Petrolina AEK Larnaca B.C. (in Greek: ΑΕΚ Λάρνακας), is a Cypriot professional basketball club based in Larnaca, Cyprus. The club competes in the Cypriot Basketball League. The president of the team is Vasilis Sellas and the current head coach is Nikolas Papadopoulos.

History
AEK Larnaca B.C. was formed in 1994 after a merger of two Larnaca clubs: EPA Larnaca and Pezoporikos. The team has many participations in the Cyprus Basketball Division A but had also relegated to the second division. Before the merger of the two teams, Pezoporikos won the championship four times (1973, 1991, 1992, 1994). As AEK the team has won the two titles of the second division.
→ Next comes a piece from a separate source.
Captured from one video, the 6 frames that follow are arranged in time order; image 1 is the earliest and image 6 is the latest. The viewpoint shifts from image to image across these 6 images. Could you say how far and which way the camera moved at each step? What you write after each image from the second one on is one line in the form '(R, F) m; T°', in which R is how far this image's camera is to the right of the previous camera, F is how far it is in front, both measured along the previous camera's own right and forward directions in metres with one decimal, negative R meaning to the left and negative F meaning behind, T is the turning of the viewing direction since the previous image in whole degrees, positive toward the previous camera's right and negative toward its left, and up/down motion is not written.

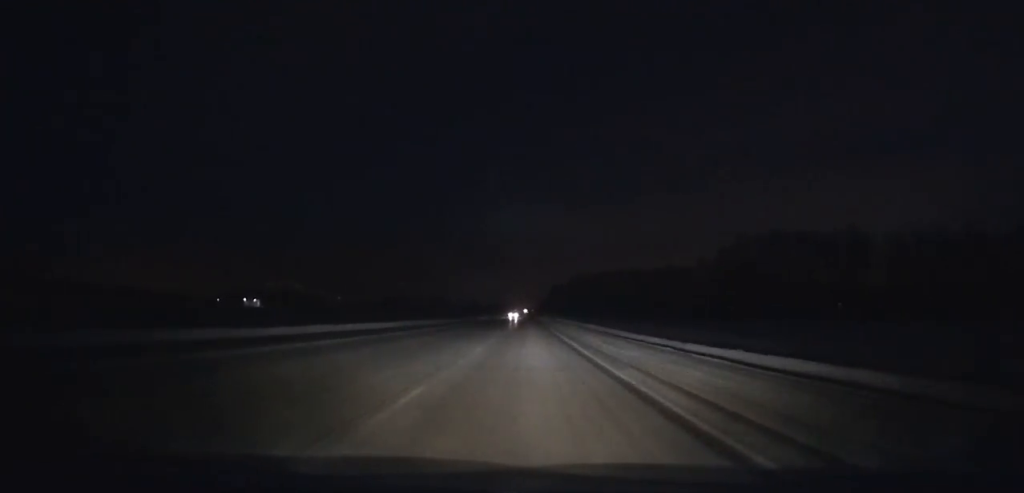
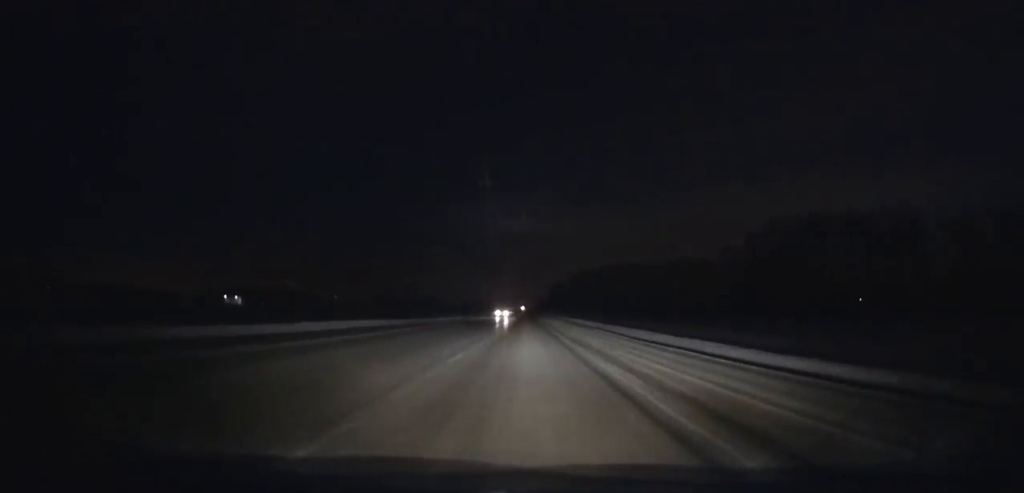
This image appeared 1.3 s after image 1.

In 2013, the team achieved its first Championship as AEK, after beating APOEL in the finals by 3–1.

Season by season

Honours

League achievements
Cyprus First Division
Champions (5): 2012–13, 2014–15, 2015–16, 2017–18, 2020–21
Cyprus Second Division
Champions (2): 2004–05, 2006–07
Cyprus Cup
Winners (3): 2016-17, 2017–18, 2020-21
Cypriot Super Cup
Winners (5): 2013, 2015, 2016, 2017, 2018

European competitions
1994–1995: FIBA European Cup
1995–1996: Korać Cup
2001–2002: Korać Cup
2015–2016: FIBA Europe Cup
2016–2017: FIBA Europe Cup

Roster

Notable players

External links
 Official Website
 AEK Larnaca Fans
 Eurobasket.com AEK Larnaca BC Page
 Basketball Champions League profile

Videos
 AEK Larnaca v Telenet Giants Antwerp - Full Game Qualif. Rd. 1 - Basketball Champions League 2018-19 Full game (Youtube.com video) 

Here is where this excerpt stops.